Set up manually which rights are granted to the user.

 

Restricted user

Restricted user

 

Should they be able to see sensitive information, or import and export entries?

Configure the Privileges section when creating the user. Users should never be able to see passwords in clear text.

 

User privileges

User privileges

 

Entry configuration

 

Access is granted or denied to users by setting permission on entries. Permissions can be set to users or roles. The best practice is to grant permissions to roles to control access for multiple users at once.

 

To set permissions on an entry, edit any entry, then navigate to the Security – Permissions section.

 

Entry's permissions

Entry's permissions

 

Permissions are usually set on folders, and apply to all child entries. A best practice is to set all the permissions of the root folder to Never. As a result, all permissions of all entries are denied by default.

 

Root permissions

Root permissions

 

Access is denied to users by expressly granting the access to other users. In other words, all users that are not on the list of a permission have the access denied.

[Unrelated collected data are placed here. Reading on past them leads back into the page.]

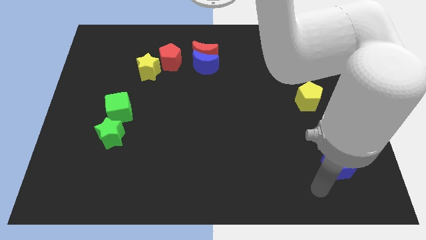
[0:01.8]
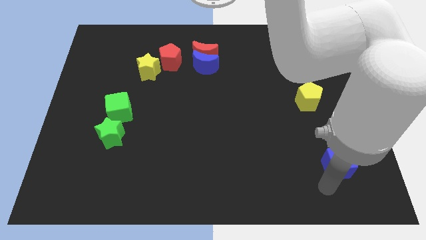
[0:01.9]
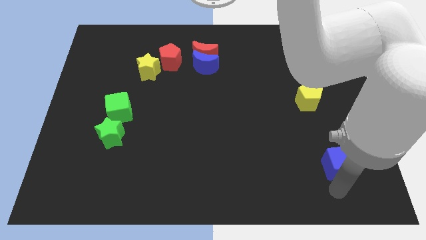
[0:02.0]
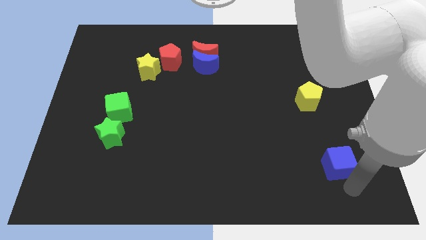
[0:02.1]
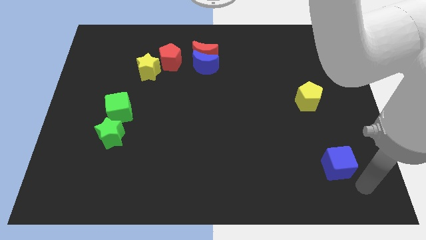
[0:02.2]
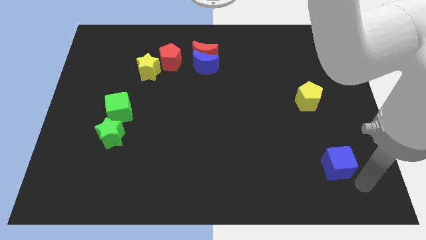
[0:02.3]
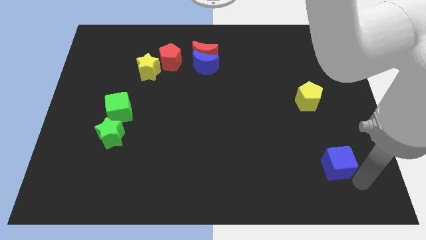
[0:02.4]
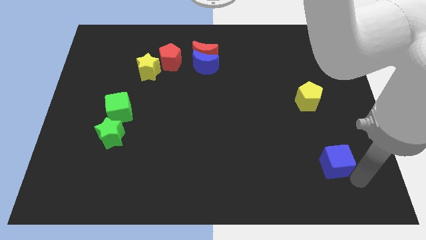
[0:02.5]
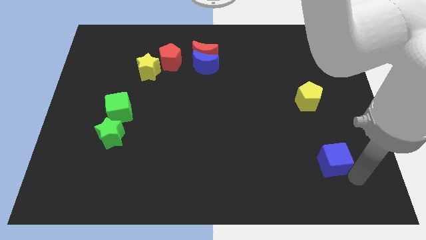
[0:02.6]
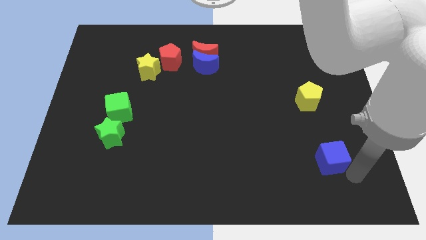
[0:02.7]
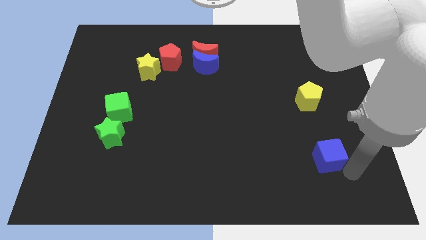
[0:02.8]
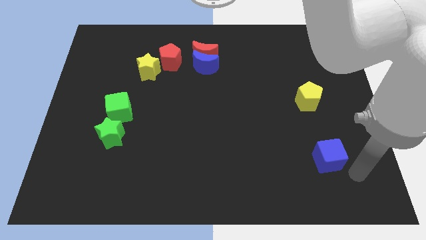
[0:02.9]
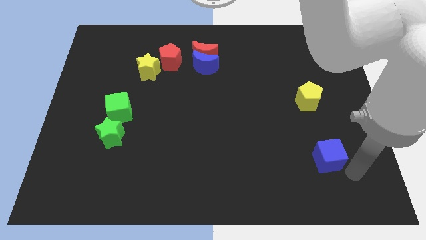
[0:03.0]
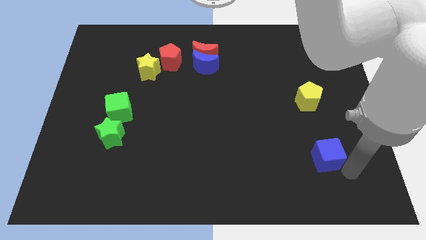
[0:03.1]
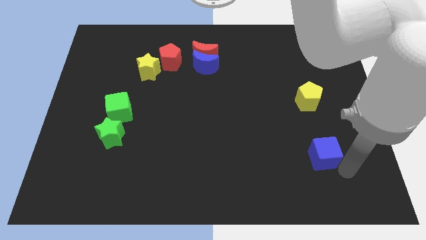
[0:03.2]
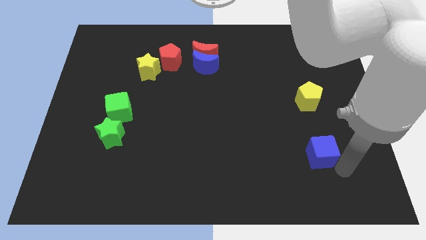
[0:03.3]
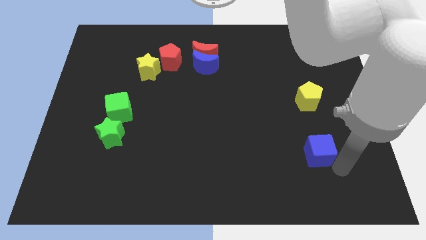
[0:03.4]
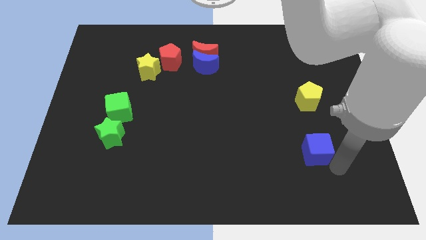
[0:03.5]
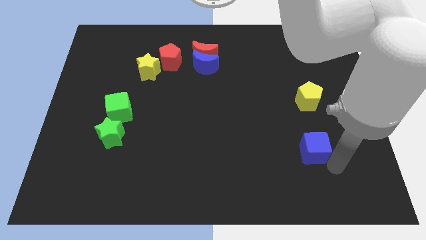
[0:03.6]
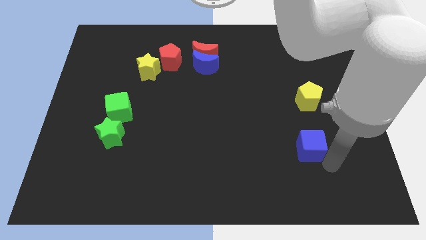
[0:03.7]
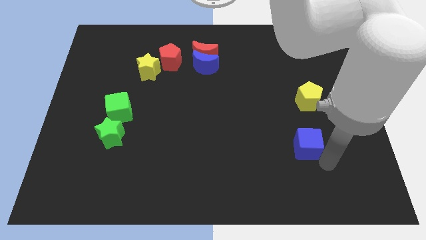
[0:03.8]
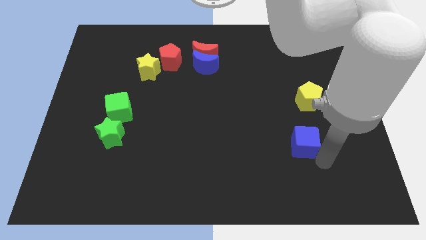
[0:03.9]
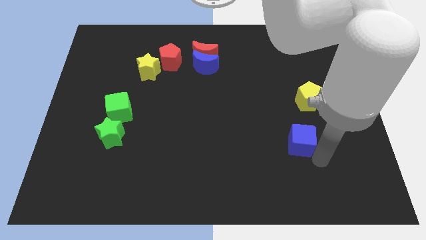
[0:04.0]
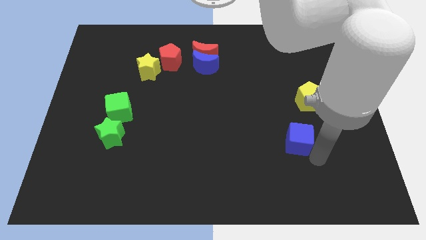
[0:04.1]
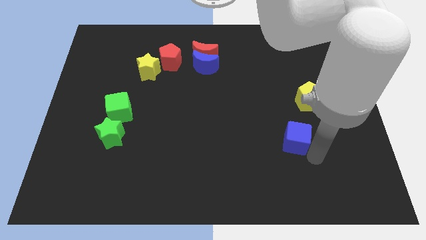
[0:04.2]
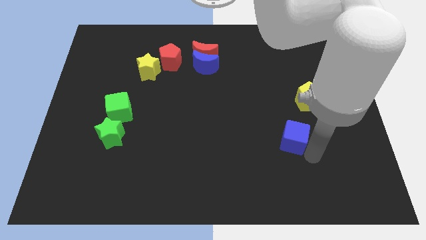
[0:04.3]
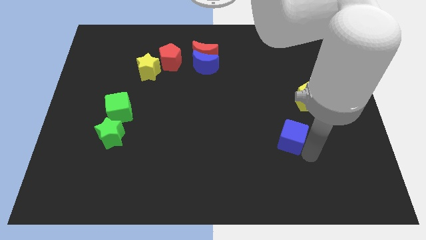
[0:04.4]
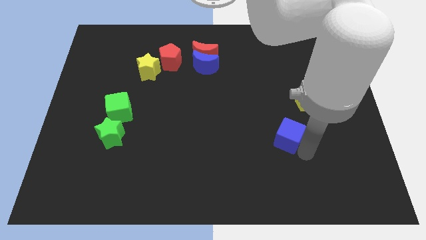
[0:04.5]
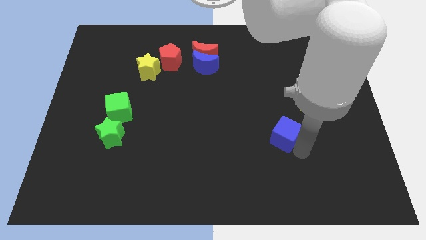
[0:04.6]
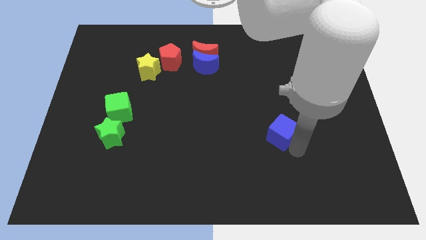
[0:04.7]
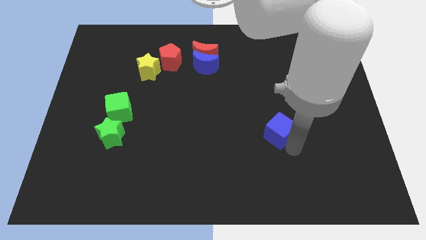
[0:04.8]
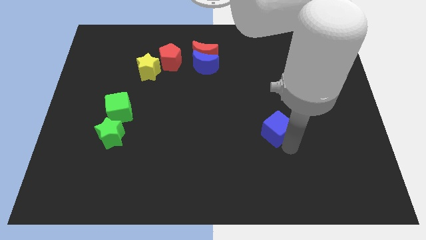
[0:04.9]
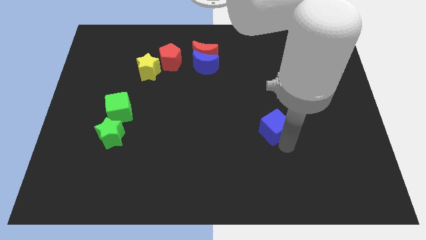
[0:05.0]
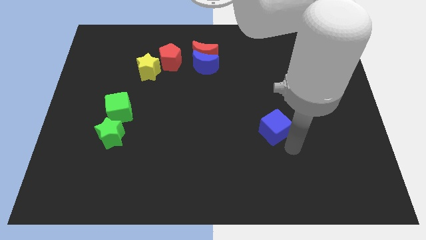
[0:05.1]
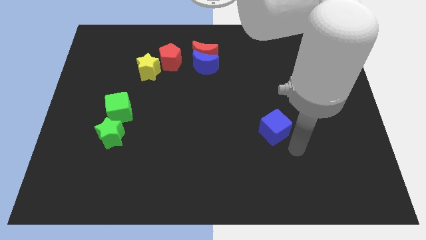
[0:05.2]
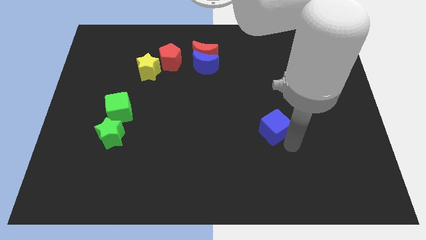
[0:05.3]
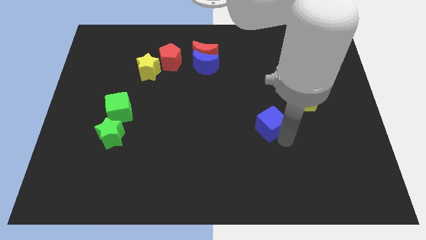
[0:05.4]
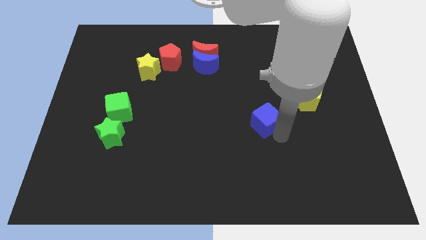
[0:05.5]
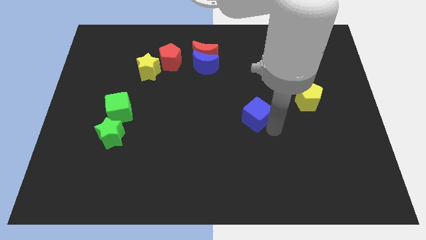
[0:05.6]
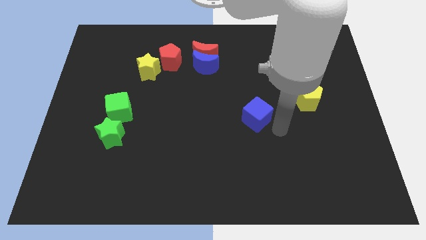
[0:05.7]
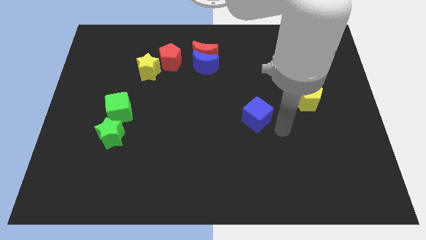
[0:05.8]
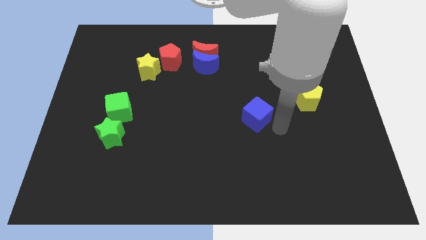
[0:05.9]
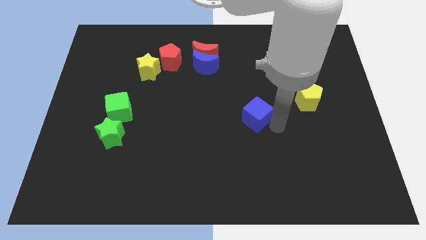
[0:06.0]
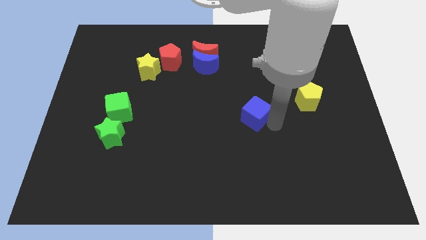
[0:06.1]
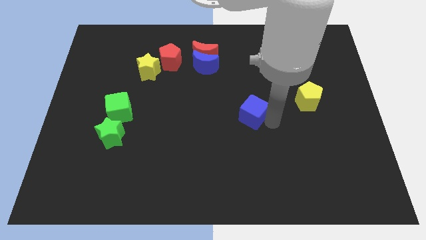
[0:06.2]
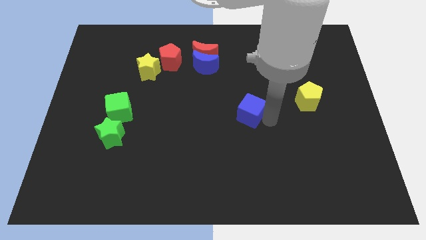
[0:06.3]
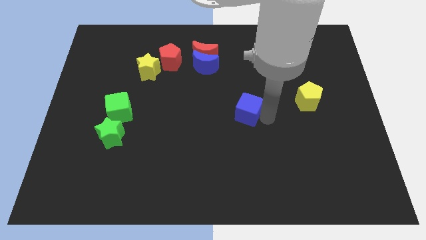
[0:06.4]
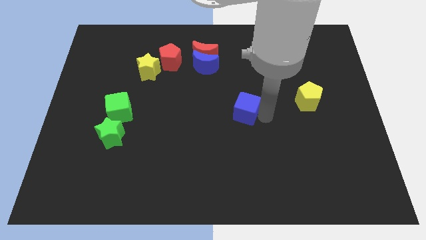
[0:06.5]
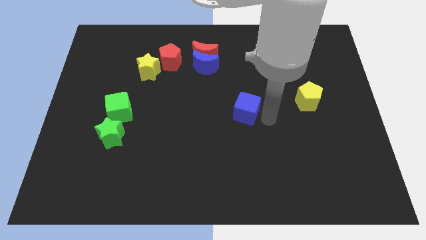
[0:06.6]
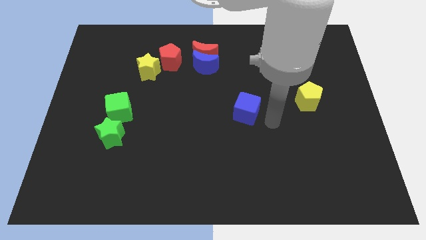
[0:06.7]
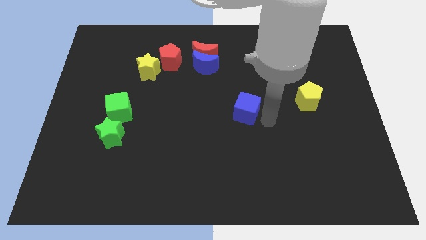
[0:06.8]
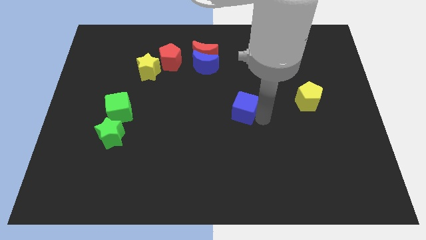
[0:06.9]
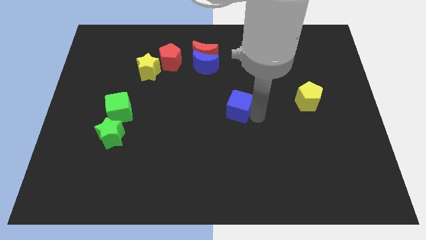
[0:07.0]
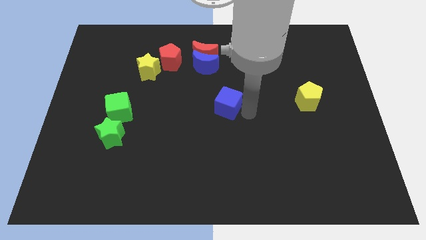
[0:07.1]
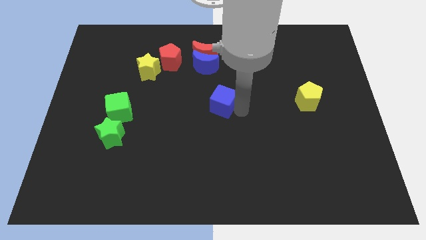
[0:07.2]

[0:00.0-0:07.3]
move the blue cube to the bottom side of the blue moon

For a user to have access to a sub folder, the user must have at least the view permission on all parent folders.

 

Consider the following structure:

 

 

There are three levels of folders: the root, Telemark, and child items of Telemark.

 

Suppose that a user, such as a consultant, must have access to the Montreal folder only. The consultant must be granted the view permission on the Telemark folder as well. However, granting the view access to the Telemark folder gives to the consultant the permissions to view all child items of Telemark. To deny the view permissions for the consultant on specific child items, the view permissions of these items must be expressly set for other users.